Count every line in the data below where the word "Invasive" appears, then state only that count.

--- Records shown Enclosed Below ---

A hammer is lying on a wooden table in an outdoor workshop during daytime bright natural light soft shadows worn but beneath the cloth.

--- End of Enclosed Records shown ---
--- Records shown Enclosed Below ---

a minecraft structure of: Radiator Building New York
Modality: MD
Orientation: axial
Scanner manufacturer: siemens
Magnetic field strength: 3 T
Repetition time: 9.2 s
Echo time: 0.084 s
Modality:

--- End of Enclosed Records shown ---
--- Records shown Enclosed Below ---

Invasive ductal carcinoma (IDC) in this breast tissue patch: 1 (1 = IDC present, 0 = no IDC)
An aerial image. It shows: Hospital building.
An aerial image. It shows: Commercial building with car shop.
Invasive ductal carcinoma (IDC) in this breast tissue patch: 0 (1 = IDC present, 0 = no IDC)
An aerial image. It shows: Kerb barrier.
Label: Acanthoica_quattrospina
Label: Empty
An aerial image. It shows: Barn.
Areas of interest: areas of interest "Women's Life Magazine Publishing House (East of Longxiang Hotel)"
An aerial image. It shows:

--- End of Enclosed Records shown ---

» Answer to the problem: 2